▶ **WORK INSTRUCTION**: Every entry that follows is to be set down exactly, with its pictures omitted.

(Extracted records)
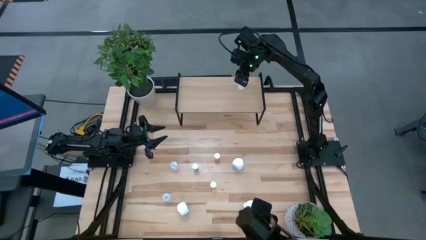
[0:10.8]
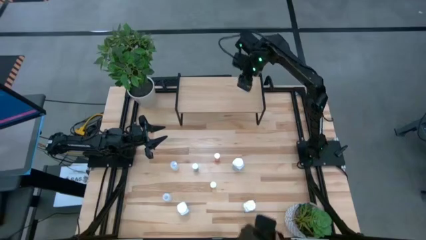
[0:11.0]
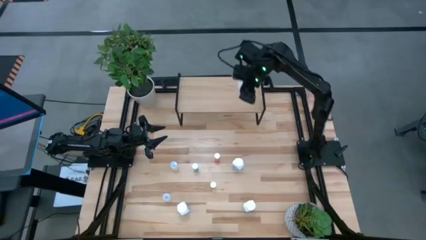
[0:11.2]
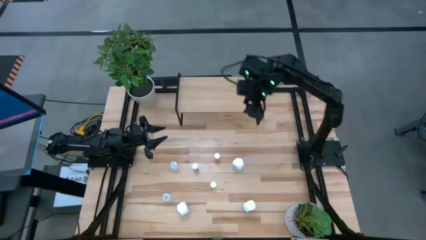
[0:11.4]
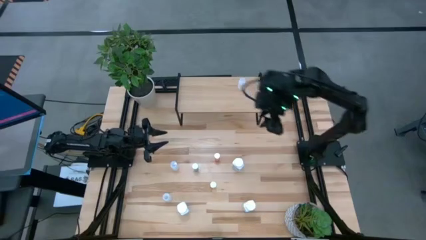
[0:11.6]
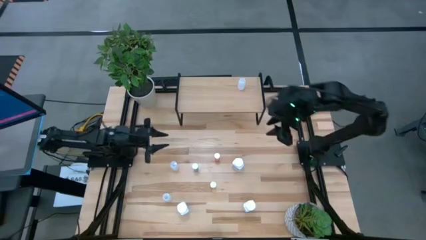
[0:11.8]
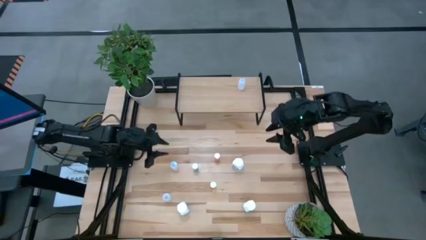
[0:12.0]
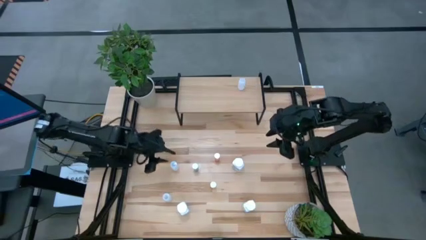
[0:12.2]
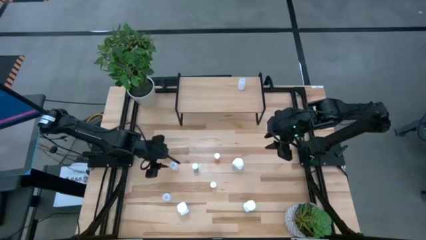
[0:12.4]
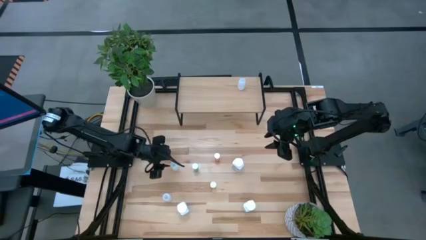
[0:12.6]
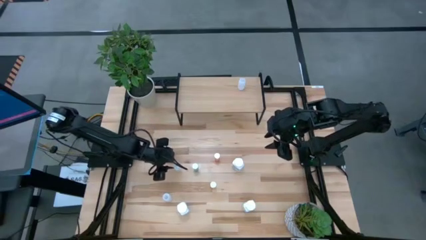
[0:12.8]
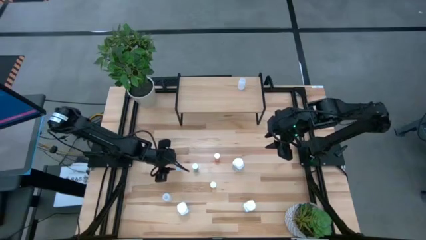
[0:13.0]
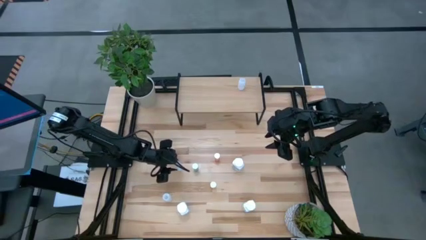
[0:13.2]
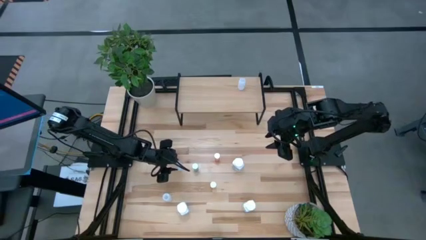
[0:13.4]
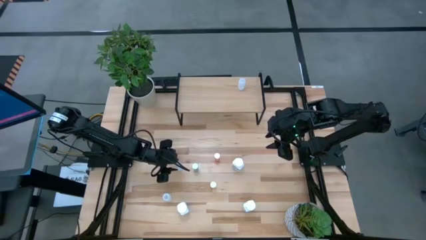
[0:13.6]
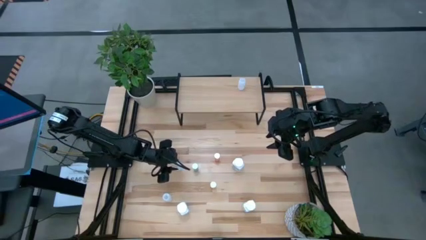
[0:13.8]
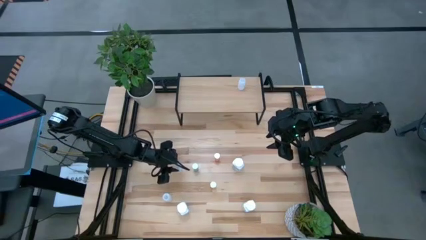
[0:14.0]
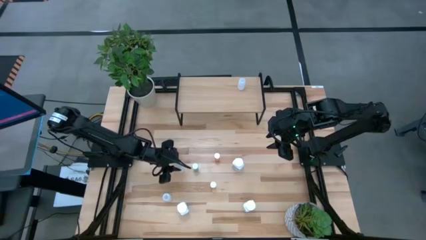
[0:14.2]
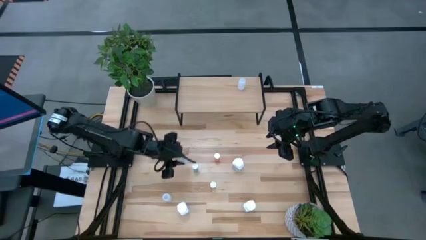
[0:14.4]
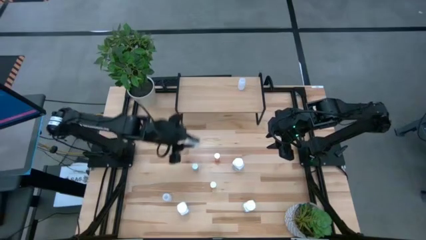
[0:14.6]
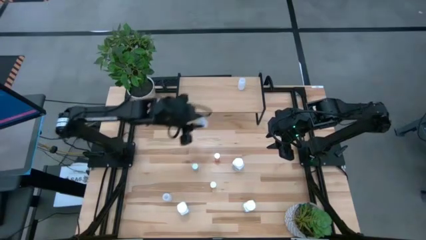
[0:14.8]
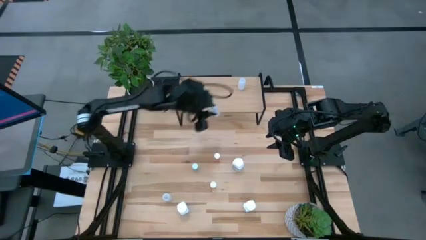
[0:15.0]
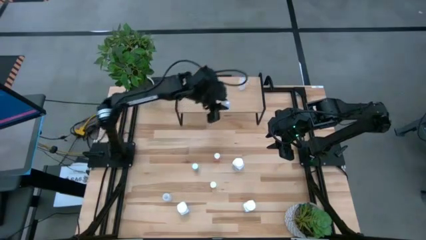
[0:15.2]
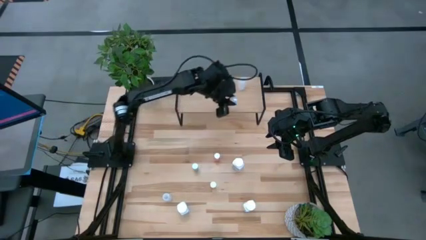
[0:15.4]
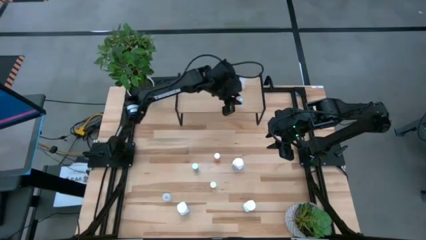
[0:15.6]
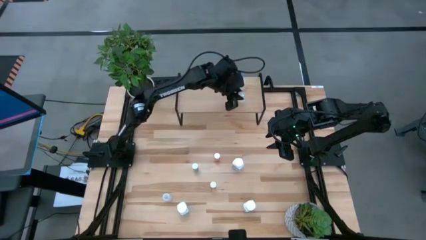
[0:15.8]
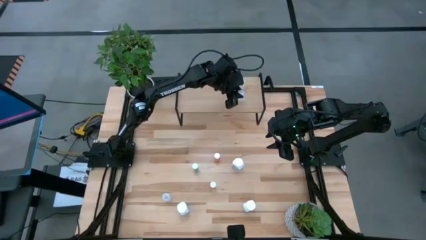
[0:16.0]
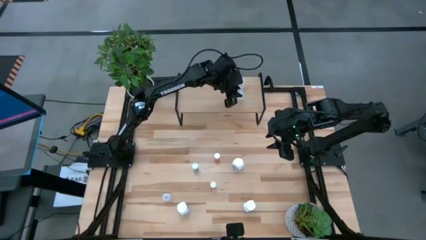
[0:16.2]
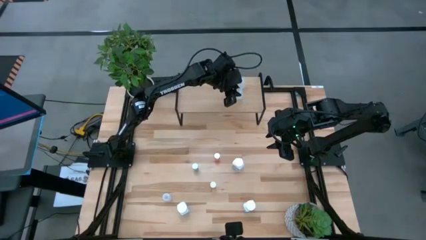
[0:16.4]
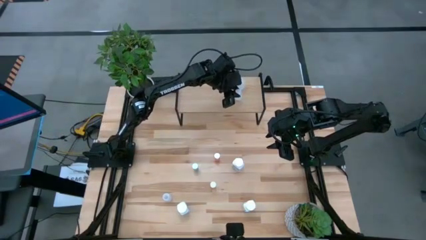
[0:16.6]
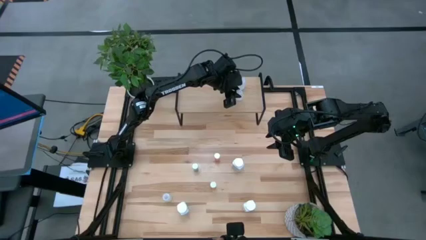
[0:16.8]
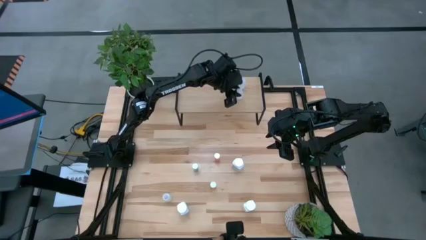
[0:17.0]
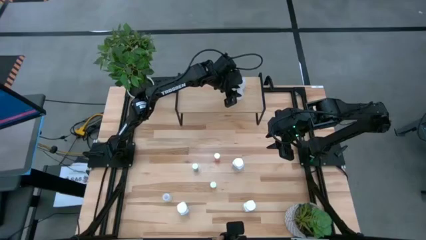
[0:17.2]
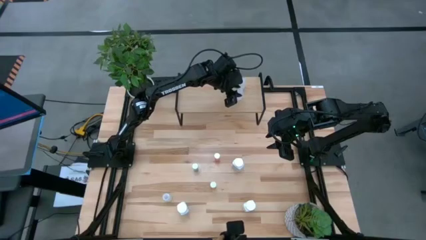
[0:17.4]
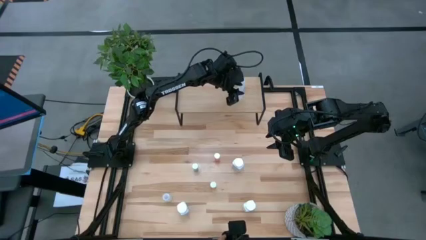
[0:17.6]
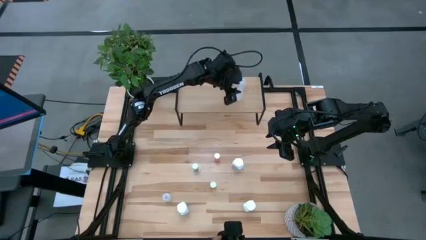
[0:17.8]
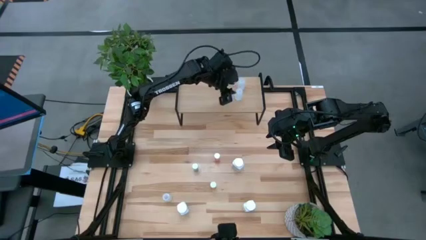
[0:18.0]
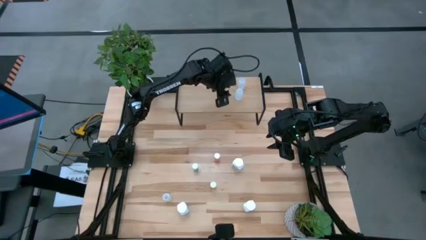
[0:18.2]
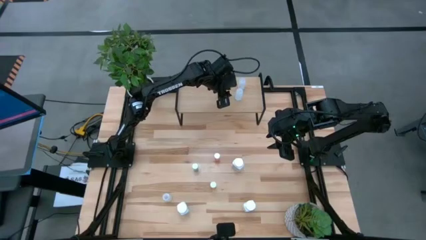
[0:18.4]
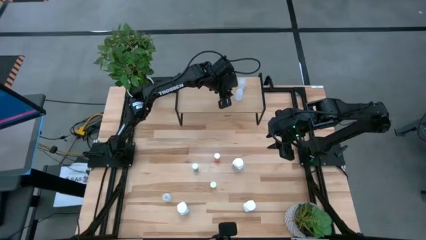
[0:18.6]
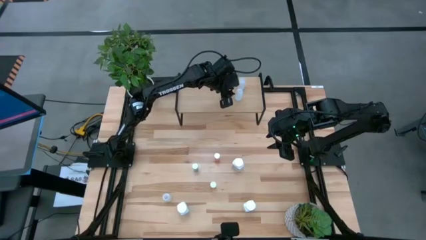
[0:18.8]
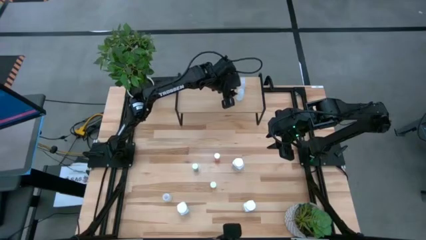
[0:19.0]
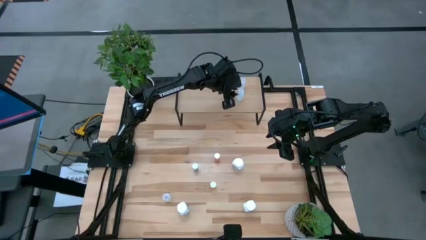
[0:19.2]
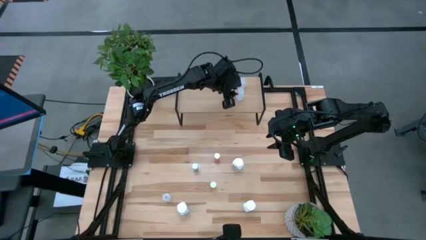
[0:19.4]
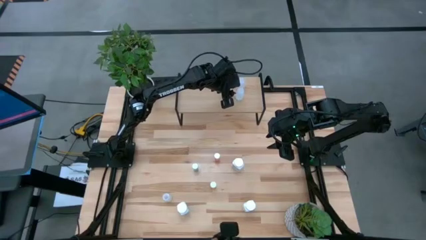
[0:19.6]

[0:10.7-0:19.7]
Task: Pick and place medicine bottles onto shelf by color
Put the top white pill bottle on the shelf aligned with the white pill bottle

▶ **WRITTEN SOLUTION**:
[0:10.8]
[0:11.0]
[0:11.2]
[0:11.4]
[0:11.6]
[0:11.8]
[0:12.0]
[0:12.2]
[0:12.4]
[0:12.6]
[0:12.8]
[0:13.0]
[0:13.2]
[0:13.4]
[0:13.6]
[0:13.8]
[0:14.0]
[0:14.2]
[0:14.4]
[0:14.6]
[0:14.8]
[0:15.0]
[0:15.2]
[0:15.4]
[0:15.6]
[0:15.8]
[0:16.0]
[0:16.2]
[0:16.4]
[0:16.6]
[0:16.8]
[0:17.0]
[0:17.2]
[0:17.4]
[0:17.6]
[0:17.8]
[0:18.0]
[0:18.2]
[0:18.4]
[0:18.6]
[0:18.8]
[0:19.0]
[0:19.2]
[0:19.4]
[0:19.6]

[0:10.7-0:19.7]
Task: Pick and place medicine bottles onto shelf by color
Put the top white pill bottle on the shelf aligned with the white pill bottle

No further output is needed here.